#### [WHAT TO DO]
Below are records with pictures; copy word for word only the lines between the line with "Question: Can you" and the line with "Answer: ޑީއާރްޕީ ރޫޅިގެން", inclusive, and drop the pictures.

#### [PROVIDED DATA]
□ □ □

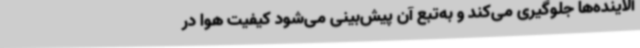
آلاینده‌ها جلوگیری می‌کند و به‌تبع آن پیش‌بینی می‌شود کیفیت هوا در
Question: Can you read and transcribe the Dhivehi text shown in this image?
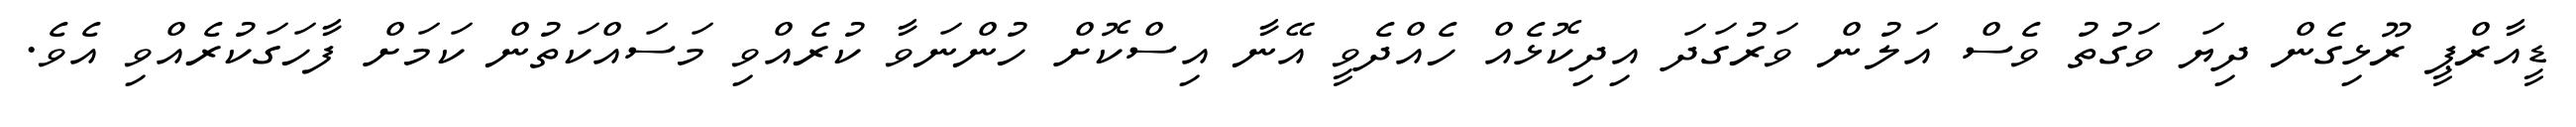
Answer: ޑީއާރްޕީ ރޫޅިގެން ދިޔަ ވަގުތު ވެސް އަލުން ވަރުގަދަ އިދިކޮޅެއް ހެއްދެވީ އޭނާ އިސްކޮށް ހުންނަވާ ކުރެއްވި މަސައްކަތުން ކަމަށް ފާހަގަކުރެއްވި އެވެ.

□ □ □

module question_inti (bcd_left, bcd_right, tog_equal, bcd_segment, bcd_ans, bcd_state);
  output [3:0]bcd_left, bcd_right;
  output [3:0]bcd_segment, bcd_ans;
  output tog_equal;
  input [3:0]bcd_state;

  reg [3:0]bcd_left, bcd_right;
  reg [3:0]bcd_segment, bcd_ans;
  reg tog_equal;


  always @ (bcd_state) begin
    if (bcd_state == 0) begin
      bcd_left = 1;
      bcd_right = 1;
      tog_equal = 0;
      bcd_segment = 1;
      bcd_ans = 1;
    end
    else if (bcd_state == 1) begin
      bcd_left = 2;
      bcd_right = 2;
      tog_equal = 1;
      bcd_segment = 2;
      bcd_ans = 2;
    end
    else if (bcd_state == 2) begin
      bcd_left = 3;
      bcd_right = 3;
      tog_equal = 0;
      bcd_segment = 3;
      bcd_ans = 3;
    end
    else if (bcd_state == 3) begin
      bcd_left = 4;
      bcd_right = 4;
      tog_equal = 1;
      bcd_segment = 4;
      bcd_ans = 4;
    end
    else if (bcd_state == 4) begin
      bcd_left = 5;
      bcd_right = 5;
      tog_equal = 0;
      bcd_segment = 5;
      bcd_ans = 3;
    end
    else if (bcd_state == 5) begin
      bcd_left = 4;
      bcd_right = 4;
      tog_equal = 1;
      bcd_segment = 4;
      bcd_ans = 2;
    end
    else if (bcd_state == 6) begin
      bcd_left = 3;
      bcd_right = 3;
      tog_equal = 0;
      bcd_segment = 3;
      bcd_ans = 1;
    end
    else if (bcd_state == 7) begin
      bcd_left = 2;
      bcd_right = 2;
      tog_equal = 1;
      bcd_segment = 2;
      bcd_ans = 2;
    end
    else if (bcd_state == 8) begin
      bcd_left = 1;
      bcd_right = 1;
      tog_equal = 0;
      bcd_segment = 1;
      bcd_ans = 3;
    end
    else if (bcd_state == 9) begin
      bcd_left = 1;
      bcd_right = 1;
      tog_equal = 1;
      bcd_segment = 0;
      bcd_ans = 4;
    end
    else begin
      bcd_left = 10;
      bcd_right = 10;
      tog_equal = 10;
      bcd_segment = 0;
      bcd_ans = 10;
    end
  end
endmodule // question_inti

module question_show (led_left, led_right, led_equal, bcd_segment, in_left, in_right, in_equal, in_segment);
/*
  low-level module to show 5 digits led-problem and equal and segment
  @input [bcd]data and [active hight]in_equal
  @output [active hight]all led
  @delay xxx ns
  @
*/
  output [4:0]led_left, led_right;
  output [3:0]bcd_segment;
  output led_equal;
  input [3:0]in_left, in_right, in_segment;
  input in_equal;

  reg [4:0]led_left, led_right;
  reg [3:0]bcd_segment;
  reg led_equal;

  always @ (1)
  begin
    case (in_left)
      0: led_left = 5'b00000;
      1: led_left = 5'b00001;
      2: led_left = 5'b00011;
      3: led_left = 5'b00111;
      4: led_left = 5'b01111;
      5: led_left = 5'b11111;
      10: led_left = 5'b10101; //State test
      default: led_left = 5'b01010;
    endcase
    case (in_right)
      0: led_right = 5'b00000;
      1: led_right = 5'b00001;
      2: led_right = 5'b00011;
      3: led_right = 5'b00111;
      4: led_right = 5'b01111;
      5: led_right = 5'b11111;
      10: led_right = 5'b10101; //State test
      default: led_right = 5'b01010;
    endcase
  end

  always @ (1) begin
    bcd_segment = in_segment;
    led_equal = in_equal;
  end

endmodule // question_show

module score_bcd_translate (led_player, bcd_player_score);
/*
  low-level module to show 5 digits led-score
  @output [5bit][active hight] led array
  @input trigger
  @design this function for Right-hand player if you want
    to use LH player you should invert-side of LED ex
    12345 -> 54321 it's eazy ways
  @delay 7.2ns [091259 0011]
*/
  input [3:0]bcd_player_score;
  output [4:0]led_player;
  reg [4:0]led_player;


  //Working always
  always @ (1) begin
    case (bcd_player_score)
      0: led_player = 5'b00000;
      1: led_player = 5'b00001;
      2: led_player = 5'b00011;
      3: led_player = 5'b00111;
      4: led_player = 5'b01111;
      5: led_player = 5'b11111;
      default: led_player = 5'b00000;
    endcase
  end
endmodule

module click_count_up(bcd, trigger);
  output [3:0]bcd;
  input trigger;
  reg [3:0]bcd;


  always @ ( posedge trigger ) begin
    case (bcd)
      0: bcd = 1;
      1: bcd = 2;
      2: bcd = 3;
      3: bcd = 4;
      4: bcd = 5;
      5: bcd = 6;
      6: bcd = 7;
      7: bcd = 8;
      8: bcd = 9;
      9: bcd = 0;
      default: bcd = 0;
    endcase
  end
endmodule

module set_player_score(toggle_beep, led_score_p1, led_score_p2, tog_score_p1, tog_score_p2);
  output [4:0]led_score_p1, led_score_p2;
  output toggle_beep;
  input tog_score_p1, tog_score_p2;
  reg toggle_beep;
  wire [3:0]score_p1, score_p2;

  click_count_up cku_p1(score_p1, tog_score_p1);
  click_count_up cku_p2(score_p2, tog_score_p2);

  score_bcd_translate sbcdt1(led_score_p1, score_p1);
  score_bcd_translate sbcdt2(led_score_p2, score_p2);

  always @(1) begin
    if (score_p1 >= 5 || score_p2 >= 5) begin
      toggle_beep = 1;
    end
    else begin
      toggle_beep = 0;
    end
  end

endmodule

□ □ □

#### [OUTPUT BELOW]
Question: Can you read and transcribe the Dhivehi text shown in this image?
Answer: ޑީއާރްޕީ ރޫޅިގެން ދިޔަ ވަގުތު ވެސް އަލުން ވަރުގަދަ އިދިކޮޅެއް ހެއްދެވީ އޭނާ އިސްކޮށް ހުންނަވާ ކުރެއްވި މަސައްކަތުން ކަމަށް ފާހަގަކުރެއްވި އެވެ.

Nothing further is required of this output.